Fuel:Liquefied petroleum gas (LPG) cylinders circulating in the market are safe as they are tested at every refilling operation, according to the trade department.

“They are very safe, and no untoward incident has ever occurred in Bhutan due to expiry issues,” an LPG advisory from the department states. “It does not mean that the expired cylinders are not serviceable but certain tests are required to re-qualify before refilling.”

According to the advisory, the abbreviations A, B, C and D on the cylinders denote quarters of the year and the inscriptions labeled A and D are not shelf life of the product but testing dates for the cylinder. For example, code A09 on the cylinder means it is due for testing in the first quarter of 2009 and not the expiry date of the cylinder shelf life, it added.

The cylinders have to be tested after 10 years from the date of manufacture and every five years thereafter. However, while the first testing date is inscribed on each cylinder, the subsequent dates are not inscribed.
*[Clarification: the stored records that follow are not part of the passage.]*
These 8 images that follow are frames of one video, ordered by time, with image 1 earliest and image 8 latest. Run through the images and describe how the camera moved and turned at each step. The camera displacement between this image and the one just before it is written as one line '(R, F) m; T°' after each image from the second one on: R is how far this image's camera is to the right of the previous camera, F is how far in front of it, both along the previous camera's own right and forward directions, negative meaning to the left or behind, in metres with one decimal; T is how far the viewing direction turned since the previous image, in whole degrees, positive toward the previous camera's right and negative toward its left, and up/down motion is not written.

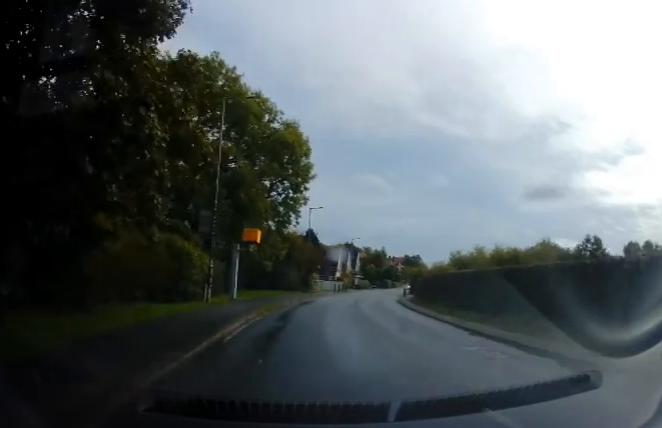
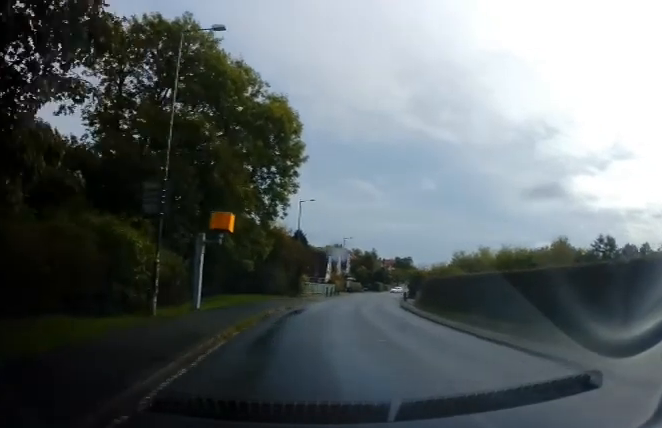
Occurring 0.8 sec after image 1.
(-0.1, +5.8) m; +1°
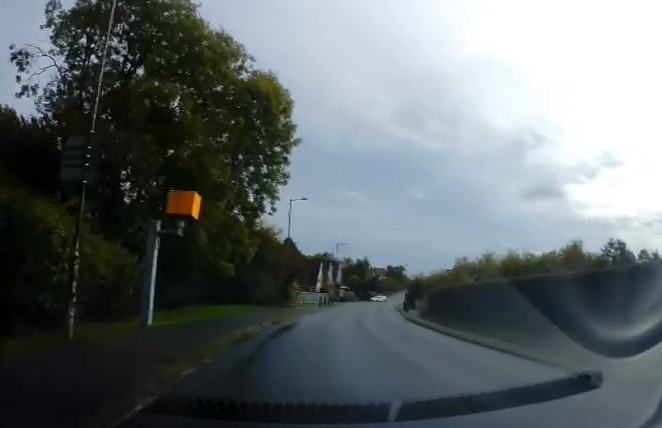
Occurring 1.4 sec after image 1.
(+0.1, +4.5) m; +3°
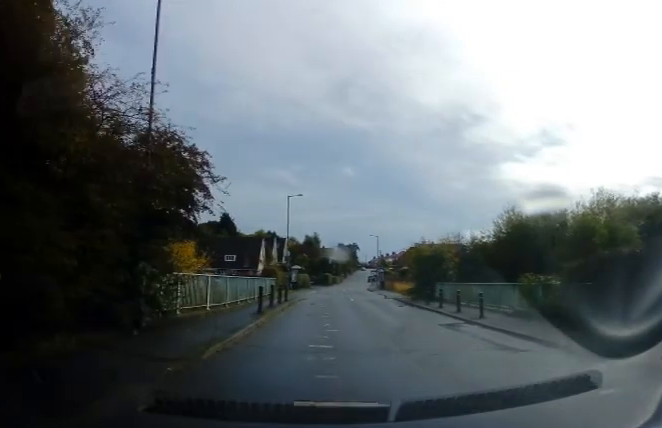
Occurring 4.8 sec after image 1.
(+1.3, +24.8) m; +8°
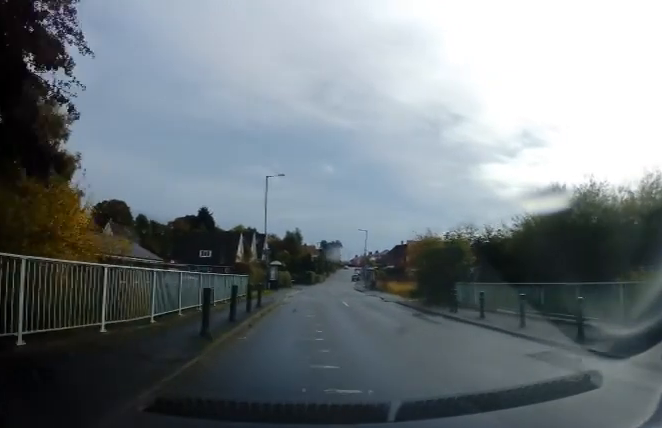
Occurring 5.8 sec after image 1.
(+0.1, +7.0) m; +2°
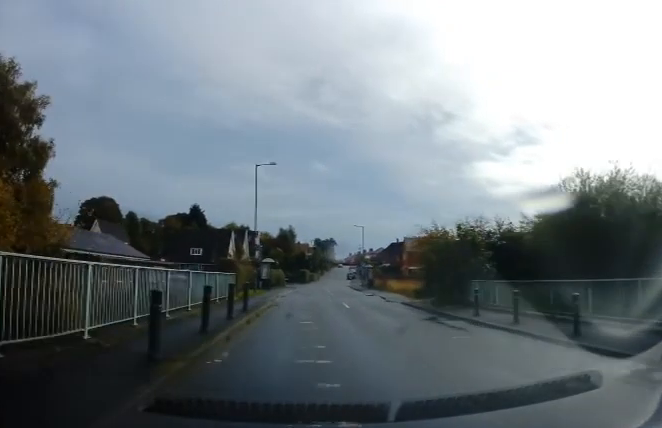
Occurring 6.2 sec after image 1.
(+0.1, +3.1) m; 0°
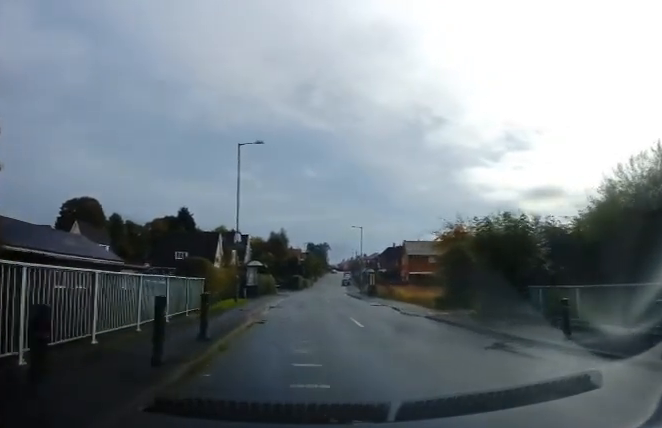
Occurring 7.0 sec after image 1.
(-0.1, +5.8) m; -1°
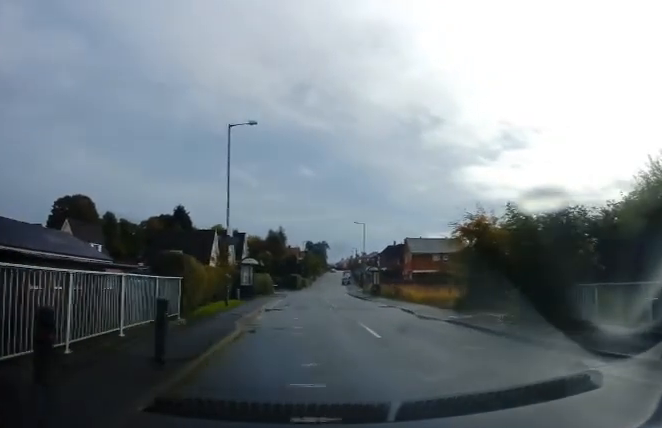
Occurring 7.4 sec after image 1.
(-0.1, +3.1) m; -1°

The advisory states that the first testing is to be done in 10 years after the date of manufacture and every five years thereafter. After testing, the cylinders will be put into circulation, but those failing the test will be rejected.
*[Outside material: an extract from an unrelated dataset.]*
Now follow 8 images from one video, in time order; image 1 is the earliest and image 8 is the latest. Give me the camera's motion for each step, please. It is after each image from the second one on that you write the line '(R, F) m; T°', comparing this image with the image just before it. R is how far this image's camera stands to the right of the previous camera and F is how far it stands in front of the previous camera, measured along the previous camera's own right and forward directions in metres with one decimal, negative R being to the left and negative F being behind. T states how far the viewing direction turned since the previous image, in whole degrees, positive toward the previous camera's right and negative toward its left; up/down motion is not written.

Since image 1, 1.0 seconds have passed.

The department has already taken action and regional offices will ensure that circulation of such expired cylinders have been stopped from July 1.

The Department has requested all LGP consumers to surrender expired LPG cylinders to the respective petroleum and lubricants (POL) dealers so that testing can be done within the stipulated time.

The advisory also says the public not to hoard their LPG cylinders as the cylinders need to be tested and prequalified from time to time. “At the same time the department also assures that there will be no disruption of filled LPG cylinders.”

In a finding conducted by the royal audit authority’s special report on import and distribution of LPG and kerosene, it was revealed that Bhutan has 74,460 expired cylinders circulated in the market, posing threat to lives and properties.

On physical verification of LPG cylinders, the audit found expired cylinders in stock.

As of November 30, 2014, there were 203,364 cylinders in circulation, 181,435 cylinders issued to public and 21,929 cylinders with distributors. There had been an increase in import of LPG from 2008 to 2012 and decrease in 2013.